[[ DATA SUPPLIED open ]]
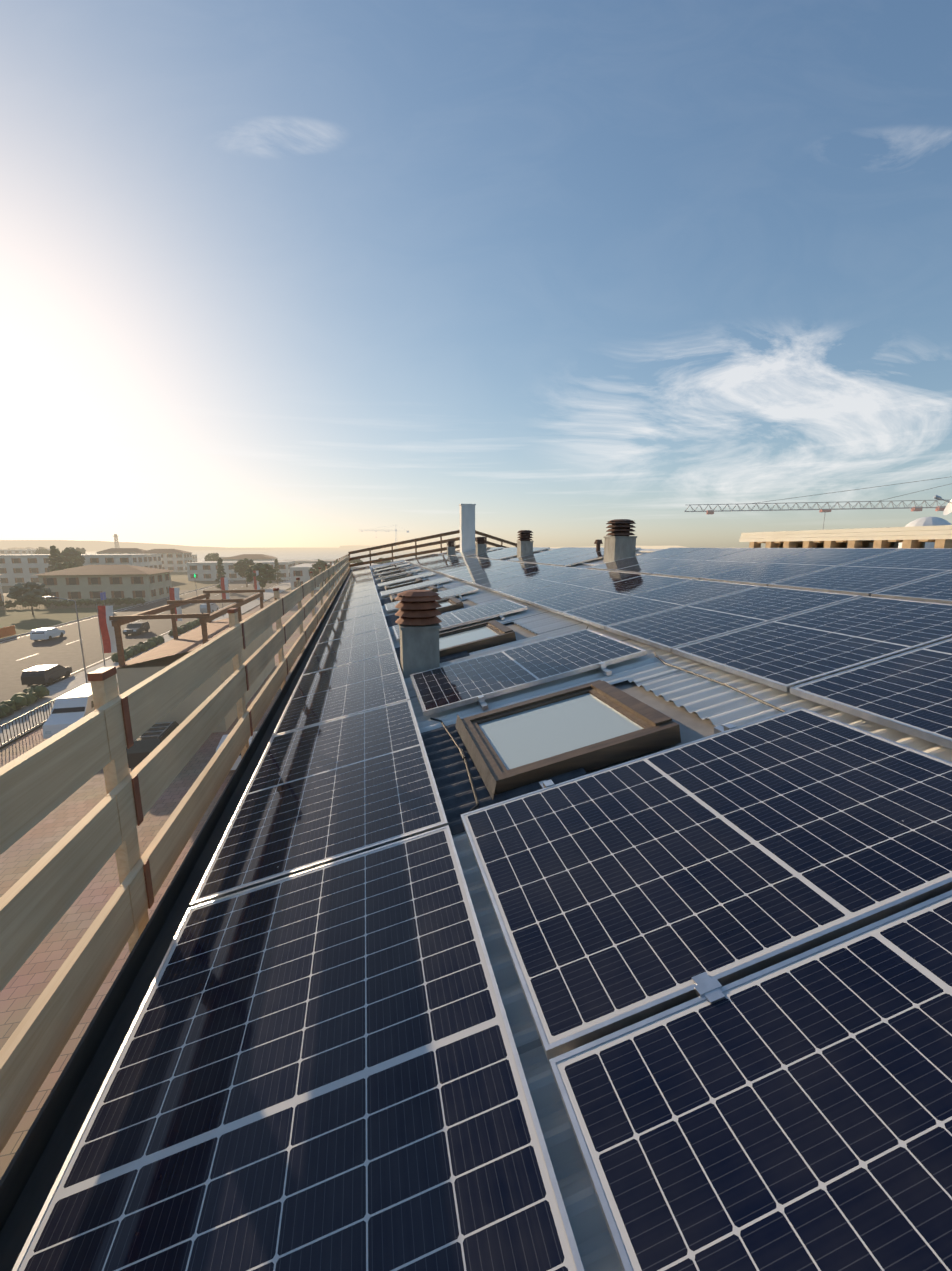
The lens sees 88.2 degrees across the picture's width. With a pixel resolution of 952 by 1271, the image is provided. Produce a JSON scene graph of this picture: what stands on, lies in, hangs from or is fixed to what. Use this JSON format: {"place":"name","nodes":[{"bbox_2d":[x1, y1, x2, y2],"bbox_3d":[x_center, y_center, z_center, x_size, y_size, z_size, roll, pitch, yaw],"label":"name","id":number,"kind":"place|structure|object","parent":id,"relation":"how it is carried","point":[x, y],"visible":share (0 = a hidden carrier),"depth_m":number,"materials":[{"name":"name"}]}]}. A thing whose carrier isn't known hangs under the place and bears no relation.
{"place":"outdoors","nodes":[
{"label":"outdoors","id":0,"kind":"place"},
{"bbox_2d":[0,550,290,748],"bbox_3d":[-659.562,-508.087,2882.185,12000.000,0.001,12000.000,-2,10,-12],"label":"ground","id":1,"kind":"structure","parent":0,"point":[179,580],"depth_m":142.26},
{"bbox_2d":[0,699,55,747],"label":"metal fence","id":2,"kind":"object","parent":1,"relation":"on","point":[26,723],"visible":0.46,"depth_m":31.53,"materials":[{"name":"grey metal"}]},
{"bbox_2d":[0,607,124,638],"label":"grass patch","id":3,"kind":"object","parent":1,"relation":"on","point":[14,622],"visible":0.98,"depth_m":82.61,"materials":[{"name":"green plant"}]},
{"bbox_2d":[6,582,51,614],"bbox_3d":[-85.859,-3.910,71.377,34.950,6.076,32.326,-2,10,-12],"label":"tree","id":4,"kind":"object","parent":3,"relation":"on","point":[36,595],"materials":[{"name":"green plant"}]},
{"bbox_2d":[114,534,119,547],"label":"lattice tower","id":5,"kind":"structure","parent":1,"relation":"on","point":[116,539],"depth_m":574.74,"materials":[{"name":"silver metal"}]},
{"bbox_2d":[0,547,377,603],"bbox_3d":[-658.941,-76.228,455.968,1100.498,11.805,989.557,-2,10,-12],"label":"town buildings","id":6,"kind":"structure","parent":1,"relation":"on","point":[121,573],"depth_m":151.35,"materials":[{"name":"paint"}]},
{"bbox_2d":[361,525,408,552],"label":"crane","id":7,"kind":"object","parent":1,"relation":"on","point":[388,531],"visible":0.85,"depth_m":599.94,"materials":[{"name":"grey paint"}]},
{"bbox_2d":[684,477,951,527],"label":"tower crane","id":8,"kind":"object","parent":1,"relation":"on","point":[938,508],"visible":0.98,"depth_m":107.50,"materials":[{"name":"grey paint"}]},
{"bbox_2d":[0,554,347,1178],"bbox_3d":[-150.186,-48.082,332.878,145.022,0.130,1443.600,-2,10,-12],"label":"road and paving","id":9,"kind":"structure","parent":0,"point":[25,987],"depth_m":23.42,"materials":[{"name":"grey asphalt"}]},
{"bbox_2d":[21,664,72,685],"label":"dark car","id":10,"kind":"object","parent":9,"relation":"on","point":[44,674],"visible":1,"depth_m":42.52,"materials":[{"name":"grey metal"}]},
{"bbox_2d":[30,627,64,640],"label":"white car","id":11,"kind":"object","parent":9,"relation":"on","point":[43,633],"visible":0.98,"depth_m":62.84,"materials":[{"name":"white metal"}]},
{"bbox_2d":[43,683,93,738],"bbox_3d":[-26.109,4.960,32.629,2.020,2.380,5.404,-3,11,-14],"label":"white van","id":12,"kind":"object","parent":9,"relation":"on","point":[72,706],"visible":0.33,"depth_m":31.05,"materials":[{"name":"white metal"}]},
{"bbox_2d":[123,621,149,634],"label":"dark car","id":13,"kind":"object","parent":9,"relation":"on","point":[137,628],"visible":0.92,"depth_m":67.44,"materials":[{"name":"grey metal"}]},
{"bbox_2d":[42,570,259,682],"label":"street furniture","id":14,"kind":"object","parent":9,"relation":"on","point":[106,628],"visible":0.67,"depth_m":43.50,"materials":[{"name":"silver metal"}]},
{"bbox_2d":[126,721,178,767],"bbox_3d":[-18.353,6.008,28.347,1.870,1.840,4.604,-3,11,-14],"label":"dark suv","id":15,"kind":"object","parent":9,"relation":"on","point":[147,742],"visible":0.58,"depth_m":26.28,"materials":[{"name":"grey metal"}]},
{"bbox_2d":[109,590,274,732],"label":"pergola","id":16,"kind":"structure","parent":9,"relation":"on","point":[132,672],"depth_m":32.28,"materials":[{"name":"brown wood"}]},
{"bbox_2d":[200,603,218,613],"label":"grey car","id":17,"kind":"object","parent":9,"relation":"on","point":[213,607],"visible":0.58,"depth_m":87.94,"materials":[{"name":"silver metal"}]},
{"bbox_2d":[216,731,257,769],"bbox_3d":[-13.395,6.311,27.765,1.740,1.450,4.104,-3,11,-17],"label":"white parked car","id":18,"kind":"object","parent":9,"relation":"on","point":[239,759],"visible":0.04,"depth_m":26.36,"materials":[{"name":"white metal"}]},
{"bbox_2d":[0,540,688,550],"bbox_3d":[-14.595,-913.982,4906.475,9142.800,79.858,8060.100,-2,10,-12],"label":"hills","id":19,"kind":"structure","parent":0,"point":[61,545],"depth_m":1759.01,"materials":[{"name":"beige"}]},
{"bbox_2d":[85,548,667,561],"bbox_3d":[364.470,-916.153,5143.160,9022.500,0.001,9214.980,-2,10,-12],"label":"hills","id":20,"kind":"structure","parent":0,"point":[306,553],"depth_m":891.83,"materials":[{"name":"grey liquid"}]},
{"bbox_2d":[0,0,951,547],"label":"sky","id":21,"kind":"structure","parent":0,"point":[274,273],"materials":[{"name":"blue"}]},
{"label":"building walls","id":22,"kind":"object","parent":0,"visible":0},
{"bbox_2d":[0,570,351,1270],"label":"gutter","id":23,"kind":"object","parent":22,"relation":"attached to","point":[30,1175],"visible":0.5,"depth_m":1.55,"materials":[{"name":"black metal"}]},
{"bbox_2d":[0,530,516,1153],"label":"guard rail","id":24,"kind":"object","parent":22,"relation":"on","point":[40,782],"visible":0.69,"depth_m":1.89,"materials":[{"name":"brown wood"}]},
{"bbox_2d":[370,549,951,1270],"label":"roof sheet","id":25,"kind":"object","parent":22,"relation":"on","point":[716,703],"visible":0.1,"depth_m":2.61,"materials":[{"name":"grey metal"}]},
{"bbox_2d":[395,504,636,678],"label":"chimneys","id":26,"kind":"object","parent":25,"relation":"on","point":[418,621],"visible":0.98,"depth_m":4.72,"materials":[{"name":"concrete"}]},
{"bbox_2d":[376,564,680,794],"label":"skylights","id":27,"kind":"object","parent":25,"relation":"on","point":[591,726],"visible":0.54,"depth_m":2.79,"materials":[{"name":"brown glass"}]},
{"bbox_2d":[371,570,722,835],"bbox_3d":[-2.016,-1.377,13.814,1.664,0.325,24.080,-2,10,-12],"label":"roof flashing","id":28,"kind":"object","parent":25,"relation":"on","point":[451,776],"visible":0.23,"depth_m":2.71,"materials":[{"name":"metal"}]},
{"bbox_2d":[430,626,785,811],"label":"string cables","id":29,"kind":"object","parent":28,"relation":"on","point":[657,657],"visible":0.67,"depth_m":2.87,"materials":[{"name":"black plastic"}]},
{"bbox_2d":[381,549,736,1003],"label":"clamps","id":30,"kind":"object","parent":25,"relation":"on","point":[707,986],"visible":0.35,"depth_m":2.20,"materials":[{"name":"metal"}]},
{"bbox_2d":[12,825,583,1270],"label":"panel","id":31,"kind":"object","parent":30,"relation":"on","point":[316,1069],"visible":0.9,"depth_m":1.12,"materials":[{"name":"glass"}]},
{"bbox_2d":[190,700,447,906],"bbox_3d":[-0.805,0.785,2.844,1.038,0.035,1.755,-14,13,-10],"label":"panel","id":32,"kind":"object","parent":30,"relation":"on","point":[317,795],"visible":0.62,"depth_m":2.47,"materials":[{"name":"glass"}]},
{"bbox_2d":[272,652,409,735],"bbox_3d":[-1.195,0.477,4.548,1.038,0.035,1.755,-14,13,-10],"label":"panel","id":33,"kind":"object","parent":30,"relation":"on","point":[327,695],"visible":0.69,"depth_m":4.30,"materials":[{"name":"glass"}]},
{"bbox_2d":[301,627,395,675],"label":"panel","id":34,"kind":"object","parent":30,"relation":"on","point":[349,650],"visible":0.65,"depth_m":6.07,"materials":[{"name":"glass"}]},
{"bbox_2d":[317,612,387,643],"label":"panel","id":35,"kind":"object","parent":30,"relation":"on","point":[352,627],"visible":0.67,"depth_m":7.82,"materials":[{"name":"glass"}]},
{"bbox_2d":[326,601,382,624],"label":"panel","id":36,"kind":"object","parent":30,"relation":"on","point":[355,612],"visible":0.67,"depth_m":9.55,"materials":[{"name":"glass"}]},
{"bbox_2d":[332,594,379,611],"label":"panel","id":37,"kind":"object","parent":30,"relation":"on","point":[352,603],"visible":0.69,"depth_m":11.27,"materials":[{"name":"glass"}]},
{"bbox_2d":[337,588,377,602],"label":"panel","id":38,"kind":"object","parent":30,"relation":"on","point":[356,595],"visible":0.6,"depth_m":12.99,"materials":[{"name":"metal"}]},
{"bbox_2d":[340,584,375,595],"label":"panel","id":39,"kind":"object","parent":30,"relation":"on","point":[358,589],"visible":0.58,"depth_m":14.70,"materials":[{"name":"glass"}]},
{"bbox_2d":[342,580,374,590],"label":"panel","id":40,"kind":"object","parent":30,"relation":"on","point":[359,585],"visible":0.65,"depth_m":16.39,"materials":[{"name":"glass"}]},
{"bbox_2d":[345,577,373,585],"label":"panel","id":41,"kind":"object","parent":30,"relation":"on","point":[358,581],"visible":0.73,"depth_m":18.12,"materials":[{"name":"metal"}]},
{"bbox_2d":[346,575,372,582],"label":"panel","id":42,"kind":"object","parent":30,"relation":"on","point":[360,578],"visible":0.75,"depth_m":19.81,"materials":[{"name":"glass"}]},
{"bbox_2d":[348,573,371,579],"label":"panel","id":43,"kind":"object","parent":30,"relation":"on","point":[358,576],"visible":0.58,"depth_m":21.53,"materials":[{"name":"glass"}]},
{"bbox_2d":[349,571,370,576],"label":"panel","id":44,"kind":"object","parent":30,"relation":"on","point":[360,573],"visible":0.73,"depth_m":23.25,"materials":[{"name":"metal"}]},
{"bbox_2d":[350,569,370,574],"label":"panel","id":45,"kind":"object","parent":30,"relation":"on","point":[360,571],"visible":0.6,"depth_m":24.99,"materials":[{"name":"glass"}]},
{"bbox_2d":[371,562,404,569],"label":"panel","id":46,"kind":"object","parent":30,"relation":"attached to","point":[388,565],"visible":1,"depth_m":25.79,"materials":[{"name":"metal"}]},
{"bbox_2d":[373,563,409,572],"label":"panel","id":47,"kind":"object","parent":30,"relation":"attached to","point":[392,567],"visible":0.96,"depth_m":23.04,"materials":[{"name":"metal"}]},
{"bbox_2d":[374,565,415,575],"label":"panel","id":48,"kind":"object","parent":30,"relation":"attached to","point":[404,568],"visible":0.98,"depth_m":20.34,"materials":[{"name":"metal"}]},
{"bbox_2d":[375,568,424,580],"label":"panel","id":49,"kind":"object","parent":30,"relation":"attached to","point":[401,573],"visible":0.98,"depth_m":17.59,"materials":[{"name":"glass"}]},
{"bbox_2d":[377,572,435,587],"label":"panel","id":50,"kind":"object","parent":30,"relation":"attached to","point":[406,579],"visible":0.98,"depth_m":14.87,"materials":[{"name":"metal"}]},
{"bbox_2d":[380,577,452,596],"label":"panel","id":51,"kind":"object","parent":30,"relation":"attached to","point":[414,586],"visible":1,"depth_m":12.15,"materials":[{"name":"metal"}]},
{"bbox_2d":[406,554,437,561],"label":"panel","id":52,"kind":"object","parent":30,"relation":"on","point":[421,557],"visible":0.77,"depth_m":26.68,"materials":[{"name":"glass"}]},
{"bbox_2d":[407,554,441,561],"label":"panel","id":53,"kind":"object","parent":30,"relation":"on","point":[423,558],"visible":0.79,"depth_m":25.70,"materials":[{"name":"glass"}]},
{"bbox_2d":[409,555,442,562],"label":"panel","id":54,"kind":"object","parent":30,"relation":"on","point":[426,558],"visible":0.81,"depth_m":24.67,"materials":[{"name":"glass"}]},
{"bbox_2d":[411,555,447,563],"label":"panel","id":55,"kind":"object","parent":30,"relation":"on","point":[428,559],"visible":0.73,"depth_m":23.65,"materials":[{"name":"glass"}]},
{"bbox_2d":[384,585,478,611],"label":"panel","id":56,"kind":"object","parent":30,"relation":"attached to","point":[446,594],"visible":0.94,"depth_m":9.46,"materials":[{"name":"metal"}]},
{"bbox_2d":[413,555,451,563],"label":"panel","id":57,"kind":"object","parent":30,"relation":"on","point":[432,559],"visible":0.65,"depth_m":22.65,"materials":[{"name":"metal"}]},
{"bbox_2d":[415,556,454,564],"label":"panel","id":58,"kind":"object","parent":30,"relation":"on","point":[434,560],"visible":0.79,"depth_m":21.61,"materials":[{"name":"metal"}]},
{"bbox_2d":[418,556,461,565],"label":"panel","id":59,"kind":"object","parent":30,"relation":"on","point":[439,560],"visible":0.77,"depth_m":20.61,"materials":[{"name":"glass"}]},
{"bbox_2d":[421,557,464,566],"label":"panel","id":60,"kind":"object","parent":30,"relation":"on","point":[442,561],"visible":0.77,"depth_m":19.59,"materials":[{"name":"metal"}]},
{"bbox_2d":[424,557,471,567],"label":"panel","id":61,"kind":"object","parent":30,"relation":"on","point":[447,562],"visible":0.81,"depth_m":18.58,"materials":[{"name":"glass"}]},
{"bbox_2d":[427,558,477,569],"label":"panel","id":62,"kind":"object","parent":30,"relation":"on","point":[446,564],"visible":0.75,"depth_m":17.53,"materials":[{"name":"glass"}]},
{"bbox_2d":[431,558,483,570],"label":"panel","id":63,"kind":"object","parent":30,"relation":"on","point":[456,564],"visible":0.81,"depth_m":16.53,"materials":[{"name":"glass"}]},
{"bbox_2d":[392,599,527,640],"bbox_3d":[-0.269,-0.242,6.845,1.755,0.037,1.038,-14,13,-10],"label":"panel","id":64,"kind":"object","parent":30,"relation":"attached to","point":[470,615],"visible":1,"depth_m":6.73,"materials":[{"name":"glass"}]},
{"bbox_2d":[435,559,492,572],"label":"panel","id":65,"kind":"object","parent":30,"relation":"on","point":[462,565],"visible":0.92,"depth_m":15.52,"materials":[{"name":"glass"}]},
{"bbox_2d":[452,547,489,555],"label":"panel","id":66,"kind":"object","parent":30,"relation":"on","point":[466,552],"visible":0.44,"depth_m":22.88,"materials":[{"name":"glass"}]},
{"bbox_2d":[440,560,502,574],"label":"panel","id":67,"kind":"object","parent":30,"relation":"on","point":[468,567],"visible":0.77,"depth_m":14.48,"materials":[{"name":"glass"}]},
{"bbox_2d":[455,547,495,555],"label":"panel","id":68,"kind":"object","parent":30,"relation":"on","point":[473,551],"visible":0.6,"depth_m":21.90,"materials":[{"name":"metal"}]},
{"bbox_2d":[446,561,512,576],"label":"panel","id":69,"kind":"object","parent":30,"relation":"on","point":[476,568],"visible":0.71,"depth_m":13.46,"materials":[{"name":"glass"}]},
{"bbox_2d":[460,547,503,556],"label":"panel","id":70,"kind":"object","parent":30,"relation":"on","point":[474,553],"visible":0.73,"depth_m":20.65,"materials":[{"name":"metal"}]},
{"bbox_2d":[452,562,525,579],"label":"panel","id":71,"kind":"object","parent":30,"relation":"on","point":[481,571],"visible":0.83,"depth_m":12.45,"materials":[{"name":"glass"}]},
{"bbox_2d":[470,547,516,557],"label":"panel","id":72,"kind":"object","parent":30,"relation":"on","point":[474,556],"visible":0.52,"depth_m":18.88,"materials":[{"name":"metal"}]},
{"bbox_2d":[475,548,516,557],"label":"panel","id":73,"kind":"object","parent":30,"relation":"on","point":[500,552],"visible":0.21,"depth_m":17.86,"materials":[{"name":"glass"}]},
{"bbox_2d":[460,563,542,582],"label":"panel","id":74,"kind":"object","parent":30,"relation":"on","point":[496,572],"visible":0.83,"depth_m":11.42,"materials":[{"name":"metal"}]},
{"bbox_2d":[483,547,537,558],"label":"panel","id":75,"kind":"object","parent":30,"relation":"on","point":[501,554],"visible":0.38,"depth_m":16.81,"materials":[{"name":"glass"}]},
{"bbox_2d":[469,564,559,586],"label":"panel","id":76,"kind":"object","parent":30,"relation":"on","point":[495,578],"visible":0.79,"depth_m":10.41,"materials":[{"name":"glass"}]},
{"bbox_2d":[489,547,549,559],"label":"panel","id":77,"kind":"object","parent":30,"relation":"on","point":[515,554],"visible":0.71,"depth_m":15.62,"materials":[{"name":"glass"}]},
{"bbox_2d":[410,629,646,715],"bbox_3d":[0.357,0.252,4.108,1.755,0.037,1.038,-14,13,-10],"label":"panel","id":78,"kind":"object","parent":30,"relation":"attached to","point":[453,685],"visible":1,"depth_m":3.96,"materials":[{"name":"glass"}]},
{"bbox_2d":[480,566,582,590],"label":"panel","id":79,"kind":"object","parent":30,"relation":"on","point":[491,586],"visible":0.85,"depth_m":9.38,"materials":[{"name":"glass"}]},
{"bbox_2d":[507,547,577,561],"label":"panel","id":80,"kind":"object","parent":30,"relation":"on","point":[539,554],"visible":0.62,"depth_m":13.79,"materials":[{"name":"metal"}]},
{"bbox_2d":[493,568,608,596],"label":"panel","id":81,"kind":"object","parent":30,"relation":"on","point":[508,591],"visible":0.79,"depth_m":8.36,"materials":[{"name":"glass"}]},
{"bbox_2d":[518,547,594,562],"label":"panel","id":82,"kind":"object","parent":30,"relation":"on","point":[547,556],"visible":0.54,"depth_m":12.77,"materials":[{"name":"glass"}]},
{"bbox_2d":[531,547,603,564],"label":"panel","id":83,"kind":"object","parent":30,"relation":"on","point":[567,556],"visible":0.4,"depth_m":11.76,"materials":[{"name":"glass"}]},
{"bbox_2d":[510,571,645,604],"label":"panel","id":84,"kind":"object","parent":30,"relation":"on","point":[559,589],"visible":0.83,"depth_m":7.34,"materials":[{"name":"glass"}]},
{"bbox_2d":[546,548,640,566],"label":"panel","id":85,"kind":"object","parent":30,"relation":"on","point":[582,559],"visible":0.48,"depth_m":10.60,"materials":[{"name":"glass"}]},
{"bbox_2d":[532,575,693,614],"bbox_3d":[1.726,-0.555,6.384,1.755,0.035,1.038,-14,13,-10],"label":"panel","id":86,"kind":"object","parent":30,"relation":"on","point":[596,595],"visible":0.85,"depth_m":6.31,"materials":[{"name":"glass"}]},
{"bbox_2d":[587,548,704,570],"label":"panel","id":87,"kind":"object","parent":30,"relation":"on","point":[638,559],"visible":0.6,"depth_m":8.68,"materials":[{"name":"glass"}]},
{"bbox_2d":[562,579,758,629],"bbox_3d":[1.959,-0.372,5.368,1.755,0.035,1.038,-14,13,-10],"label":"panel","id":88,"kind":"object","parent":30,"relation":"on","point":[602,615],"visible":0.88,"depth_m":5.28,"materials":[{"name":"glass"}]},
{"bbox_2d":[615,548,752,574],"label":"panel","id":89,"kind":"object","parent":30,"relation":"on","point":[649,568],"visible":0.73,"depth_m":7.66,"materials":[{"name":"glass"}]},
{"bbox_2d":[461,707,951,1062],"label":"panel","id":90,"kind":"object","parent":30,"relation":"attached to","point":[625,894],"visible":1,"depth_m":1.58,"materials":[{"name":"glass"}]},
{"bbox_2d":[605,586,860,651],"bbox_3d":[2.191,-0.189,4.353,1.755,0.035,1.038,-14,13,-10],"label":"panel","id":91,"kind":"object","parent":30,"relation":"on","point":[669,630],"visible":0.9,"depth_m":4.25,"materials":[{"name":"glass"}]},
{"bbox_2d":[652,548,816,579],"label":"panel","id":92,"kind":"object","parent":30,"relation":"on","point":[704,568],"visible":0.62,"depth_m":6.63,"materials":[{"name":"glass"}]},
{"bbox_2d":[549,890,951,1270],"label":"panel","id":93,"kind":"object","parent":30,"relation":"attached to","point":[794,1113],"visible":0.91,"depth_m":0.94,"materials":[{"name":"glass"}]},
{"bbox_2d":[700,548,903,585],"bbox_3d":[3.706,-0.811,5.689,1.755,0.035,1.038,-14,13,-10],"label":"panel","id":94,"kind":"object","parent":30,"relation":"on","point":[765,573],"visible":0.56,"depth_m":5.61,"materials":[{"name":"glass"}]},
{"bbox_2d":[672,596,951,691],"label":"panel","id":95,"kind":"object","parent":30,"relation":"on","point":[785,654],"visible":0.94,"depth_m":3.24,"materials":[{"name":"glass"}]},
{"bbox_2d":[768,548,951,595],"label":"panel","id":96,"kind":"object","parent":30,"relation":"on","point":[868,576],"visible":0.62,"depth_m":4.64,"materials":[{"name":"glass"}]},
{"bbox_2d":[790,638,951,748],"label":"panel","id":97,"kind":"object","parent":30,"relation":"on","point":[909,692],"visible":0.92,"depth_m":2.42,"materials":[{"name":"glass"}]},
{"bbox_2d":[871,571,951,603],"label":"panel","id":98,"kind":"object","parent":30,"relation":"on","point":[936,589],"visible":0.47,"depth_m":3.84,"materials":[{"name":"glass"}]},
{"bbox_2d":[475,548,662,551],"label":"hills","id":99,"kind":"structure","parent":25,"relation":"on","point":[647,550],"depth_m":10.21,"materials":[{"name":"beige"}]},
{"bbox_2d":[739,525,951,548],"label":"building","id":100,"kind":"structure","parent":22,"relation":"on","point":[940,536],"depth_m":6.61,"materials":[{"name":"beige concrete"}]},
{"bbox_2d":[898,495,951,547],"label":"dome","id":101,"kind":"structure","parent":100,"relation":"on","point":[930,521],"depth_m":7.70,"materials":[{"name":"white"}]}
]}
[[ DATA SUPPLIED closed ]]
Which lines above include the string "brown"? Show them.

▶ [EXERCISE RESULT]
{"bbox_2d":[109,590,274,732],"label":"pergola","id":16,"kind":"structure","parent":9,"relation":"on","point":[132,672],"depth_m":32.28,"materials":[{"name":"brown wood"}]},
{"bbox_2d":[0,530,516,1153],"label":"guard rail","id":24,"kind":"object","parent":22,"relation":"on","point":[40,782],"visible":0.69,"depth_m":1.89,"materials":[{"name":"brown wood"}]},
{"bbox_2d":[376,564,680,794],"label":"skylights","id":27,"kind":"object","parent":25,"relation":"on","point":[591,726],"visible":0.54,"depth_m":2.79,"materials":[{"name":"brown glass"}]},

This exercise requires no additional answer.